Normally, a manual or DCT uses at least two shafts—input and output—which allows the gearbox and differential to live in a single compact unit. That setup also lets engineers "stack" gears to shorten the transmission and choose where power exits the case.
A planetary gearset, like the one used here, is narrower but longer and relies on a single shaft. Power can only exit from the rear of the transmission. That posed a problem for Toyota, since the GR GT’s rear-mounted gearbox is already pushed as far back in the chassis as possible.
The solution? Toyota added a counter gear and sent power forward via an external driveshaft, which then feeds the differential before finally driving the rear wheels. Weird, huh?
But it’s also elegantly simple. This approach avoids the complexity and weight of a DCT while keeping the gearbox compact. The hybrid motor is integrated into the clutch pack, further simplifying the layout.
Overall, it’s a very neat setup.
Aluminum, Everywhere You Look
Next up: the chassis. The GR GT rides on a mostly aluminum structure with some intriguing material choices. The roof, door skins, hood, and various body panels are made from recycled carbon fiber to save weight, while the chassis itself relies on a mix of aluminum castings and extrusions.
Much of the structure consists of large aluminum castings, including the shock towers, front and rear frame rails, and even the roof. Everything appears to be welded together rather than bonded with adhesive. Using cast aluminum for the A-pillars and roof is especially interesting, and it says a lot about the material's potential strength.
Traditionally, aluminum castings are very stiff but can be brittle. Advances in metallurgy can mitigate those downsides, though, and this may be one of the first times cast aluminum has been used so extensively in rollover and crash structures—but correct me if I’m wrong.
Using cast aluminum for the A-pillars and roof is especially interesting, and it says a lot about the material's potential strength.
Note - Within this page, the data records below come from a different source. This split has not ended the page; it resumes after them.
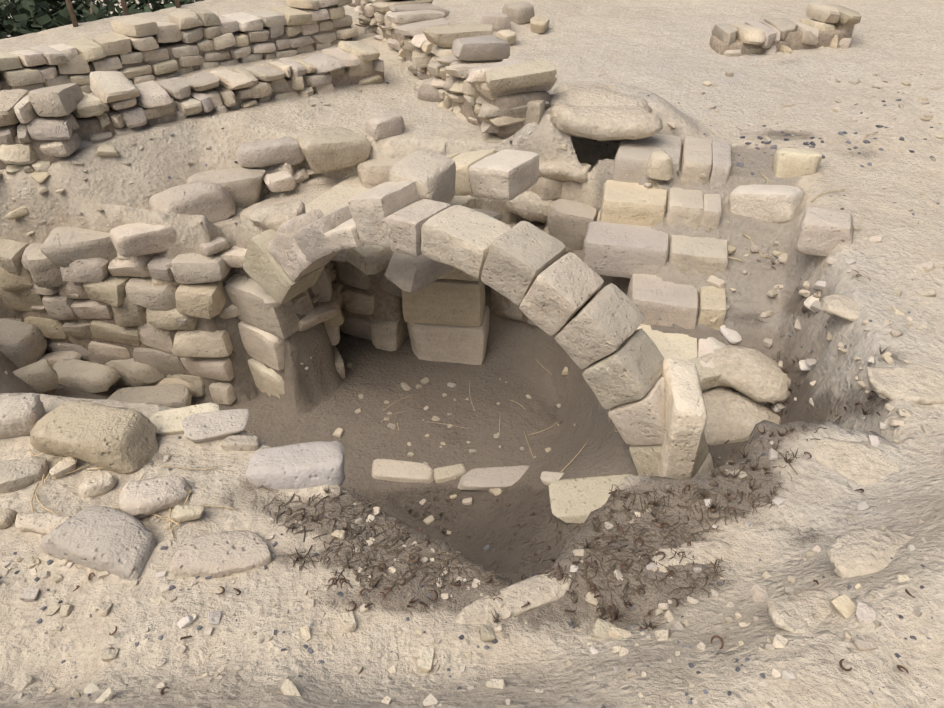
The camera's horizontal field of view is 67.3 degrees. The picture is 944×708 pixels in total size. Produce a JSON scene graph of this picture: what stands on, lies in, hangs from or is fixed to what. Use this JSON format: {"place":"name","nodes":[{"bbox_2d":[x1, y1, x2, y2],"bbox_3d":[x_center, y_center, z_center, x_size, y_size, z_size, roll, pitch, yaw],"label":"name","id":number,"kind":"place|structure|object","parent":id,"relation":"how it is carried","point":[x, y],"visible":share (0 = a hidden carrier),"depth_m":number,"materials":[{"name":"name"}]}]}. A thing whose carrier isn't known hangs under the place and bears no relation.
{"place":"outdoors","nodes":[
{"label":"outdoors","id":0,"kind":"place"},
{"bbox_2d":[0,0,943,707],"bbox_3d":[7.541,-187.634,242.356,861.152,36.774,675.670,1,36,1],"label":"terrain","id":1,"kind":"structure","parent":0,"point":[656,50],"depth_m":3.93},
{"bbox_2d":[0,0,203,38],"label":"shrubs","id":2,"kind":"object","parent":1,"relation":"on","point":[31,16],"depth_m":13.47,"materials":[{"name":"green plant"}]},
{"bbox_2d":[246,441,344,488],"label":"stone block","id":3,"kind":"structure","parent":1,"relation":"on","point":[306,465],"depth_m":2.71,"materials":[{"name":"grey stone"}]},
{"bbox_2d":[0,113,671,580],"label":"rubble","id":4,"kind":"object","parent":1,"relation":"on","point":[62,273],"visible":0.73,"depth_m":5.39,"materials":[{"name":"stone"}]},
{"bbox_2d":[0,11,851,375],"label":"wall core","id":5,"kind":"object","parent":1,"relation":"on","point":[386,305],"visible":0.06,"depth_m":6.29,"materials":[{"name":"beige stone"}]},
{"bbox_2d":[0,0,357,93],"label":"ashlar walls","id":6,"kind":"structure","parent":5,"relation":"on","point":[130,40],"depth_m":6.86,"materials":[{"name":"beige stone"}]},
{"bbox_2d":[0,0,860,177],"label":"stone walls","id":7,"kind":"structure","parent":5,"relation":"on","point":[468,62],"depth_m":6.14,"materials":[{"name":"stone"}]},
{"bbox_2d":[29,104,876,538],"bbox_3d":[0.655,-0.108,5.028,6.423,1.879,2.184,-23,42,-28],"label":"straw","id":8,"kind":"object","parent":1,"relation":"on","point":[169,520],"visible":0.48,"depth_m":2.76,"materials":[{"name":"beige plant"}]},
{"bbox_2d":[0,74,940,707],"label":"flint pebbles","id":9,"kind":"object","parent":1,"relation":"on","point":[486,548],"visible":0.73,"depth_m":2.35,"materials":[{"name":"grey stone"}]},
{"bbox_2d":[0,71,943,707],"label":"pebbles","id":10,"kind":"object","parent":1,"relation":"on","point":[844,605],"depth_m":2.29,"materials":[{"name":"beige stone"}]},
{"bbox_2d":[73,266,915,694],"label":"dry leaves","id":11,"kind":"object","parent":1,"relation":"on","point":[559,566],"visible":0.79,"depth_m":2.35,"materials":[{"name":"brown plant"}]},
{"bbox_2d":[149,133,853,522],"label":"ashlar blocks","id":12,"kind":"structure","parent":1,"relation":"on","point":[645,383],"depth_m":4.60,"materials":[{"name":"beige stone"}]},
{"bbox_2d":[260,258,890,630],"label":"twigs","id":13,"kind":"object","parent":1,"relation":"on","point":[478,572],"visible":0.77,"depth_m":2.53,"materials":[{"name":"brown plant"}]},
{"bbox_2d":[248,83,943,632],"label":"boulders","id":14,"kind":"object","parent":1,"relation":"on","point":[598,111],"visible":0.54,"depth_m":3.76,"materials":[{"name":"beige stone"}]}
]}

An experienced automotive engineer friend who was with me at TAS made some sharp observations. Around the suspension mounting points, the castings look almost AI-optimized for strength and rigidity. He also suspects that some of the casting molds may be 3D-printed, based on the extreme complexity of the shapes.
By contrast, most of the body reinforcements are aluminum extrusions—cheap, strong, and easy to manufacture. The end result is likely an exceptionally rigid platform for the suspension to work from. In execution, it feels more Aston Martin than Toyota, which is very cool to see.
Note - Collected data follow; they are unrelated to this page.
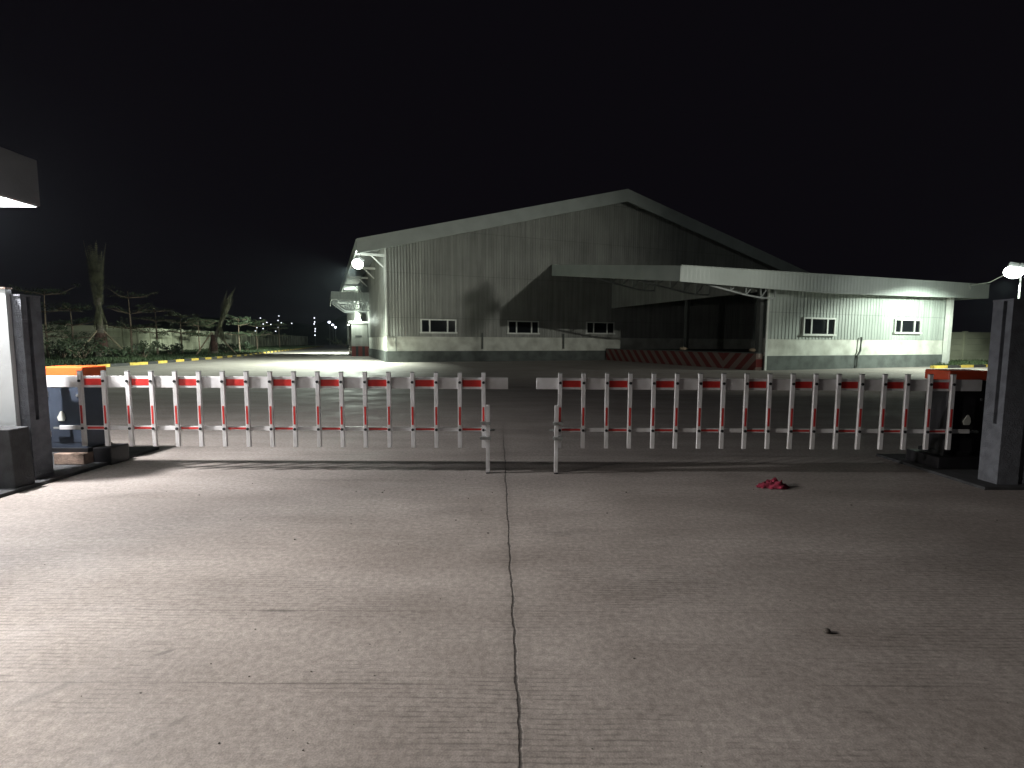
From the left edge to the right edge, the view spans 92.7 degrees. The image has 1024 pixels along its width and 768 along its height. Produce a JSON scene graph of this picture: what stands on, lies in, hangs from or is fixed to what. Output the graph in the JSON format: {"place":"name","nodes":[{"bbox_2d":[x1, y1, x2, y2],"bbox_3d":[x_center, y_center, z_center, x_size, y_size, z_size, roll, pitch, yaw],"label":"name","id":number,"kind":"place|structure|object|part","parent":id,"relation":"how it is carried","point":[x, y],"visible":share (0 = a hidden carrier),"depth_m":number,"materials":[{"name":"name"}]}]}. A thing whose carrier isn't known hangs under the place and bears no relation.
{"place":"outdoors","nodes":[
{"label":"outdoors","id":0,"kind":"place"},
{"bbox_2d":[44,345,318,365],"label":"grass","id":1,"kind":"structure","parent":0,"point":[53,360],"depth_m":37.36,"materials":[{"name":"green plant"}]},
{"bbox_2d":[9,283,84,357],"bbox_3d":[-34.216,-4.740,35.957,4.179,5.690,4.614,0,5,-3],"label":"tiered tree","id":2,"kind":"object","parent":1,"relation":"on","point":[47,291],"visible":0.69,"depth_m":35.65,"materials":[{"name":"green plant"}]},
{"bbox_2d":[43,336,82,357],"bbox_3d":[-32.123,-2.637,35.107,1.999,1.699,2.237,0,5,0],"label":"shrub","id":3,"kind":"object","parent":1,"relation":"on","point":[57,350],"visible":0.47,"depth_m":34.55,"materials":[{"name":"green plant"}]},
{"bbox_2d":[42,301,110,356],"bbox_3d":[-33.093,-4.142,36.945,3.981,4.338,4.200,1,5,12],"label":"tiered tree","id":4,"kind":"object","parent":1,"relation":"on","point":[67,322],"visible":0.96,"depth_m":36.62,"materials":[{"name":"green plant"}]},
{"bbox_2d":[55,338,106,358],"bbox_3d":[-29.849,-2.462,33.892,2.699,1.586,2.007,-5,7,-45],"label":"shrub","id":5,"kind":"object","parent":1,"relation":"on","point":[71,350],"visible":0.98,"depth_m":33.71,"materials":[{"name":"green plant"}]},
{"bbox_2d":[74,241,127,357],"bbox_3d":[-31.683,-6.478,37.330,3.311,9.003,3.188,0,5,0],"label":"palm tree","id":6,"kind":"object","parent":1,"relation":"on","point":[96,271],"visible":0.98,"depth_m":37.43,"materials":[{"name":"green plant"}]},
{"bbox_2d":[94,343,142,357],"bbox_3d":[-28.093,-2.357,35.029,2.821,1.196,2.355,-3,6,-31],"label":"shrub","id":7,"kind":"object","parent":1,"relation":"on","point":[115,353],"visible":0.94,"depth_m":34.55,"materials":[{"name":"green plant"}]},
{"bbox_2d":[104,285,160,350],"bbox_3d":[-31.017,-5.060,39.692,4.484,5.705,4.345,1,5,8],"label":"tiered tree","id":8,"kind":"object","parent":1,"relation":"on","point":[123,325],"visible":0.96,"depth_m":39.62,"materials":[{"name":"green plant"}]},
{"bbox_2d":[123,340,162,356],"bbox_3d":[-27.950,-2.663,36.991,2.080,1.467,2.035,0,5,0],"label":"shrub","id":9,"kind":"object","parent":1,"relation":"on","point":[152,348],"visible":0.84,"depth_m":37.15,"materials":[{"name":"green plant"}]},
{"bbox_2d":[129,303,184,354],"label":"tiered tree","id":10,"kind":"object","parent":1,"relation":"on","point":[155,317],"visible":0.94,"depth_m":43.64,"materials":[{"name":"green plant"}]},
{"bbox_2d":[160,343,183,354],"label":"shrub","id":11,"kind":"object","parent":1,"relation":"on","point":[176,349],"visible":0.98,"depth_m":44.99,"materials":[{"name":"green plant"}]},
{"bbox_2d":[151,311,205,351],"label":"tiered tree","id":12,"kind":"object","parent":1,"relation":"on","point":[176,321],"visible":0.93,"depth_m":49.60,"materials":[{"name":"green plant"}]},
{"bbox_2d":[182,317,218,350],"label":"tiered tree","id":13,"kind":"object","parent":1,"relation":"on","point":[200,324],"visible":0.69,"depth_m":57.56,"materials":[{"name":"green plant"}]},
{"bbox_2d":[195,291,236,355],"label":"palm tree","id":14,"kind":"object","parent":1,"relation":"on","point":[213,346],"visible":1,"depth_m":45.61,"materials":[{"name":"brown plant"}]},
{"bbox_2d":[218,343,237,353],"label":"shrub","id":15,"kind":"object","parent":1,"relation":"on","point":[223,348],"visible":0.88,"depth_m":49.77,"materials":[{"name":"green plant"}]},
{"bbox_2d":[225,314,256,349],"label":"tiered tree","id":16,"kind":"object","parent":1,"relation":"on","point":[240,323],"visible":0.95,"depth_m":61.51,"materials":[{"name":"green plant"}]},
{"bbox_2d":[238,341,252,349],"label":"shrub","id":17,"kind":"object","parent":1,"relation":"on","point":[247,345],"visible":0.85,"depth_m":65.06,"materials":[{"name":"green plant"}]},
{"bbox_2d":[246,319,272,348],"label":"tiered tree","id":18,"kind":"object","parent":1,"relation":"on","point":[255,323],"visible":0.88,"depth_m":73.39,"materials":[{"name":"green plant"}]},
{"bbox_2d":[266,322,290,346],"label":"tiered tree","id":19,"kind":"object","parent":1,"relation":"on","point":[278,324],"visible":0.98,"depth_m":94.23,"materials":[{"name":"green plant"}]},
{"bbox_2d":[112,316,346,343],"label":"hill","id":20,"kind":"structure","parent":0,"point":[323,334],"depth_m":284.14,"materials":[{"name":"green plant"}]},
{"bbox_2d":[0,344,1023,767],"bbox_3d":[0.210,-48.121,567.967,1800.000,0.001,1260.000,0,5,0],"label":"ground","id":21,"kind":"structure","parent":0,"point":[188,586],"depth_m":2.97,"materials":[{"name":"concrete"}]},
{"bbox_2d":[0,147,39,206],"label":"guardhouse","id":22,"kind":"structure","parent":21,"relation":"on","point":[19,186],"depth_m":5.12,"materials":[{"name":"white paint"}]},
{"bbox_2d":[42,324,105,354],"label":"perimeter wall","id":23,"kind":"structure","parent":21,"relation":"on","point":[77,329],"depth_m":45.37,"materials":[{"name":"concrete"}]},
{"bbox_2d":[0,447,158,497],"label":"pavement edge","id":24,"kind":"object","parent":21,"relation":"on","point":[62,471],"visible":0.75,"depth_m":5.49,"materials":[{"name":"grey concrete"}]},
{"bbox_2d":[0,287,20,425],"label":"white panel","id":25,"kind":"object","parent":24,"relation":"on","point":[9,408],"visible":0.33,"depth_m":4.97,"materials":[{"name":"paint"}]},
{"bbox_2d":[0,426,34,487],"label":"stone block","id":26,"kind":"structure","parent":24,"relation":"on","point":[16,467],"depth_m":4.82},
{"bbox_2d":[9,294,53,479],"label":"gate pillar","id":27,"kind":"structure","parent":24,"relation":"on","point":[30,361],"depth_m":5.09,"materials":[{"name":"grey concrete"}]},
{"bbox_2d":[54,451,93,464],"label":"footing block","id":28,"kind":"structure","parent":24,"relation":"on","point":[76,458],"depth_m":5.72,"materials":[{"name":"beige concrete"}]},
{"bbox_2d":[45,365,111,451],"bbox_3d":[-5.254,0.293,5.850,0.479,1.013,0.480,0,5,0],"label":"barrier cabinet","id":29,"kind":"object","parent":28,"relation":"on","point":[63,403],"visible":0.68,"depth_m":5.77,"materials":[{"name":"black metal"}]},
{"bbox_3d":[-5.254,0.351,5.752,0.379,0.675,0.003,0,5,0],"label":"door","id":30,"kind":"part","parent":29,"relation":"part of","materials":[{"name":"metal"}]},
{"bbox_2d":[93,443,128,464],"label":"footing block","id":31,"kind":"structure","parent":24,"relation":"on","point":[113,453],"depth_m":5.88,"materials":[{"name":"grey concrete"}]},
{"bbox_2d":[105,325,307,351],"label":"perimeter wall","id":32,"kind":"structure","parent":21,"relation":"on","point":[121,338],"depth_m":66.58,"materials":[{"name":"concrete"}]},
{"bbox_2d":[99,346,322,366],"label":"kerb","id":33,"kind":"structure","parent":21,"relation":"on","point":[150,362],"depth_m":34.35,"materials":[{"name":"yellow concrete"}]},
{"bbox_2d":[46,370,507,473],"bbox_3d":[-2.683,0.430,5.562,5.270,1.152,0.145,0,5,0],"label":"barrier boom","id":34,"kind":"object","parent":21,"relation":"on","point":[199,382],"visible":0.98,"depth_m":5.55,"materials":[{"name":"white metal"}]},
{"bbox_2d":[330,291,368,355],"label":"side dock","id":35,"kind":"object","parent":21,"relation":"on","point":[358,338],"visible":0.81,"depth_m":46.85,"materials":[{"name":"paint"}]},
{"bbox_2d":[44,479,1007,766],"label":"grit","id":36,"kind":"object","parent":21,"relation":"on","point":[288,635],"visible":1,"depth_m":2.24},
{"bbox_2d":[335,189,808,361],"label":"warehouse","id":37,"kind":"structure","parent":21,"relation":"on","point":[488,287],"depth_m":37.90,"materials":[{"name":"grey metal"}]},
{"bbox_2d":[352,255,363,268],"bbox_3d":[-10.165,-8.274,32.337,0.748,1.237,1.214,-3,6,-30],"label":"flood lamp","id":38,"kind":"object","parent":37,"relation":"attached to","point":[357,263],"visible":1,"depth_m":32.22,"materials":[{"name":"glass"}]},
{"bbox_2d":[420,319,456,333],"bbox_3d":[-5.264,-4.142,35.045,2.715,1.021,0.170,-2,5,-21],"label":"window","id":39,"kind":"structure","parent":37,"relation":"in","point":[442,326],"depth_m":35.04,"materials":[{"name":"black glass"}]},
{"bbox_2d":[506,320,539,333],"bbox_3d":[0.875,-4.329,37.398,2.709,1.027,0.170,-2,5,-21],"label":"window","id":40,"kind":"structure","parent":37,"relation":"in","point":[513,327],"depth_m":37.38,"materials":[{"name":"black glass"}]},
{"bbox_2d":[585,322,614,333],"bbox_3d":[7.208,-4.561,39.824,2.753,0.995,0.170,-2,5,-21],"label":"window","id":41,"kind":"structure","parent":37,"relation":"in","point":[591,327],"depth_m":39.82,"materials":[{"name":"black glass"}]},
{"bbox_2d":[536,372,981,473],"bbox_3d":[2.811,0.454,5.562,5.070,1.152,0.145,0,5,0],"label":"barrier boom","id":42,"kind":"object","parent":21,"relation":"on","point":[837,385],"visible":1,"depth_m":5.55,"materials":[{"name":"white metal"}]},
{"bbox_2d":[552,265,990,370],"bbox_3d":[16.448,-5.184,34.658,24.628,7.439,16.103,-2,5,-21],"label":"loading annex","id":43,"kind":"object","parent":21,"relation":"on","point":[803,321],"visible":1,"depth_m":28.55,"materials":[{"name":"metal"}]},
{"bbox_2d":[800,317,836,335],"bbox_3d":[17.256,-3.214,27.405,2.658,1.026,0.170,-2,5,-21],"label":"window","id":44,"kind":"structure","parent":43,"relation":"in","point":[811,326],"depth_m":27.38,"materials":[{"name":"black glass"}]},
{"bbox_2d":[892,319,921,333],"bbox_3d":[24.450,-3.550,30.153,2.654,0.905,0.170,-2,5,-21],"label":"window","id":45,"kind":"structure","parent":43,"relation":"in","point":[900,326],"depth_m":30.12,"materials":[{"name":"black glass"}]},
{"bbox_2d":[756,477,790,488],"bbox_3d":[2.705,1.022,5.068,0.357,0.100,0.191,0,5,0],"label":"rag","id":46,"kind":"object","parent":21,"relation":"on","point":[774,483],"visible":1,"depth_m":5.04,"materials":[{"name":"fabric"}]},
{"bbox_2d":[823,628,830,633],"bbox_3d":[1.632,1.280,2.532,0.038,0.026,0.029,-1,5,-18],"label":"stone","id":47,"kind":"object","parent":21,"relation":"on","point":[827,630],"visible":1,"depth_m":2.52,"materials":[{"name":"grey stone"}]},
{"bbox_2d":[876,454,1023,489],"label":"pavement edge","id":48,"kind":"object","parent":21,"relation":"on","point":[968,476],"visible":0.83,"depth_m":5.52,"materials":[{"name":"grey concrete"}]},
{"bbox_2d":[906,449,979,468],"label":"footing block","id":49,"kind":"structure","parent":48,"relation":"on","point":[940,461],"depth_m":5.73,"materials":[{"name":"grey concrete"}]},
{"bbox_2d":[918,369,986,455],"bbox_3d":[5.352,0.339,5.850,0.502,1.013,0.480,0,5,0],"label":"barrier cabinet","id":50,"kind":"object","parent":49,"relation":"on","point":[968,412],"visible":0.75,"depth_m":5.77,"materials":[{"name":"black metal"}]},
{"bbox_3d":[5.352,0.397,5.752,0.402,0.675,0.003,0,5,0],"label":"door","id":51,"kind":"part","parent":50,"relation":"part of","materials":[{"name":"metal"}]},
{"bbox_2d":[978,298,1023,484],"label":"gate pillar","id":52,"kind":"structure","parent":48,"relation":"on","point":[1001,437],"depth_m":5.08,"materials":[{"name":"grey concrete"}]},
{"bbox_2d":[970,262,1023,297],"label":"flood lamp","id":53,"kind":"object","parent":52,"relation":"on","point":[1014,270],"visible":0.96,"depth_m":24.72,"materials":[{"name":"metal"}]},
{"bbox_2d":[1018,425,1023,483],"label":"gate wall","id":54,"kind":"structure","parent":48,"relation":"on","point":[1021,475],"depth_m":5.11,"materials":[{"name":"grey concrete"}]},
{"bbox_2d":[930,364,987,367],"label":"kerb","id":55,"kind":"structure","parent":21,"relation":"on","point":[957,366],"depth_m":29.89,"materials":[{"name":"yellow concrete"}]},
{"bbox_2d":[949,331,990,360],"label":"perimeter wall","id":56,"kind":"structure","parent":21,"relation":"on","point":[977,348],"depth_m":37.07,"materials":[{"name":"concrete"}]},
{"bbox_2d":[0,0,1023,338],"label":"sky","id":57,"kind":"structure","parent":0,"point":[212,148],"materials":[{"name":"black"}]},
{"bbox_2d":[930,359,987,365],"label":"grass","id":58,"kind":"structure","parent":0,"point":[966,362],"depth_m":31.32,"materials":[{"name":"green plant"}]}
]}

Suspension-wise, Toyota kept things simple. The GR GT uses double wishbones at all four corners with forged aluminum control arms. All rear suspension links are mounted in double shear for added strength, while the front setup is slightly simpler. There’s a modest amount of anti-dive up front and anti-squat at the rear.
Thankfully, there’s no wildly complex multi-link arrangement to decode here. The simplicity should translate to a delightfully communicative driving experience—exactly what you want in a serious sports car.
A True Halo Car
Overall, the GR GT looks deceptively simple. Nothing about it feels overcomplicated or overengineered, which usually points to extensive iteration and refinement. If the Lexus LFA is any indication—and given how long the GR GT has reportedly been in development—Toyota probably focused on perfecting proven ideas rather than chasing novelty for its own sake.
Historically, Toyota has used its halo cars as rolling material-science experiments. The LFA pushed carbon fiber into the spotlight. The GR GT could do the same for advanced aluminum casting.
All of which is to say: I’m very excited to drive this car someday. If nothing else, it’s a true Toyota supercar in both philosophy and execution.